Please copy every record below exactly, leaving out the pictures.
╭──
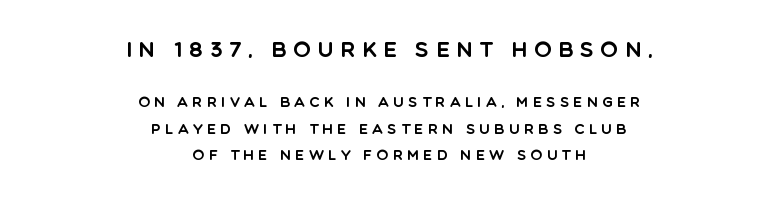
{"italic": "no", "underline": "no", "align": "center", "line_spacing_ratio": 1.88, "letter_spacing": "wide", "letter_spacing_em": 0.31, "larger_block": "first", "size_ratio": 1.5, "glyph_px": 21}
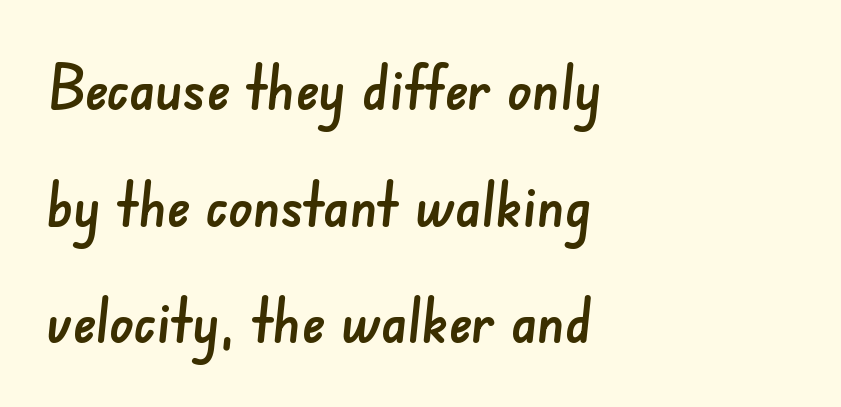
{"serif": "no", "width": "normal", "stroke_contrast": "low", "x_height": "small", "monospaced": "no", "underline": "no", "align": "left", "line_spacing": "loose", "line_spacing_ratio": 1.91, "letter_spacing": "normal", "letter_spacing_em": 0.0, "glyph_px": 61}
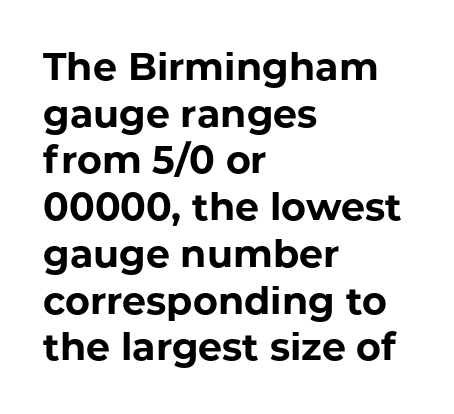
Q: Is the text bold? A: Yes.
Q: Is the text italic (slanted)? A: No, it is upright.
Q: Is the typeface a serif or a sans-serif typeface? A: Sans-serif.
Q: Is the text underlined? A: No.
Q: How is the paragraph aligned? A: Left-aligned.
Q: Is the spacing between letters normal or unusually wide? A: Normal.
Q: Width (condensed, normal, or wide)? A: Normal.
Q: Stroke contrast? A: Low.
Q: x-height? A: Medium.
Q: Monospaced? A: No.
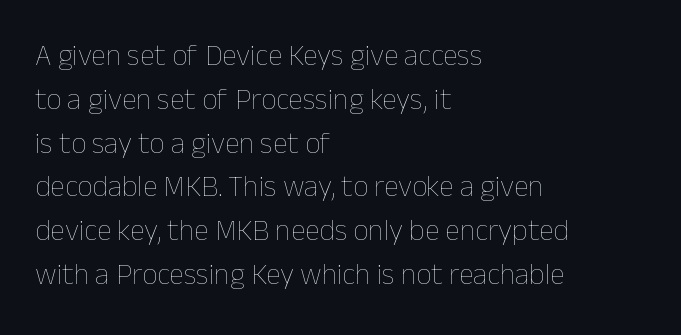
Heaviness? Minimal to ordinary, like unemphasized prose. The paragraph has a hard left edge and a soft right edge. Whoever set this chose a conventional vertical rhythm. Has an underline been added? It has not. Each letter keeps its own natural width here, so spacing adapts to shape. Is the letter spacing exaggerated? No — it looks like the ordinary default.
╰──
**Your response**
{"italic": "no", "underline": "no", "align": "center", "line_spacing_ratio": 1.88, "letter_spacing": "wide", "letter_spacing_em": 0.31, "larger_block": "first", "size_ratio": 1.5, "glyph_px": 21}
{"serif": "no", "width": "normal", "stroke_contrast": "low", "x_height": "small", "monospaced": "no", "underline": "no", "align": "left", "line_spacing": "loose", "line_spacing_ratio": 1.91, "letter_spacing": "normal", "letter_spacing_em": 0.0, "glyph_px": 61}
Q: Is the text bold? A: Yes.
Q: Is the text italic (slanted)? A: No, it is upright.
Q: Is the typeface a serif or a sans-serif typeface? A: Sans-serif.
Q: Is the text underlined? A: No.
Q: How is the paragraph aligned? A: Left-aligned.
Q: Is the spacing between letters normal or unusually wide? A: Normal.
Q: Width (condensed, normal, or wide)? A: Normal.
Q: Stroke contrast? A: Low.
Q: x-height? A: Medium.
Q: Monospaced? A: No.
Heaviness? Minimal to ordinary, like unemphasized prose. The paragraph has a hard left edge and a soft right edge. Whoever set this chose a conventional vertical rhythm. Has an underline been added? It has not. Each letter keeps its own natural width here, so spacing adapts to shape. Is the letter spacing exaggerated? No — it looks like the ordinary default.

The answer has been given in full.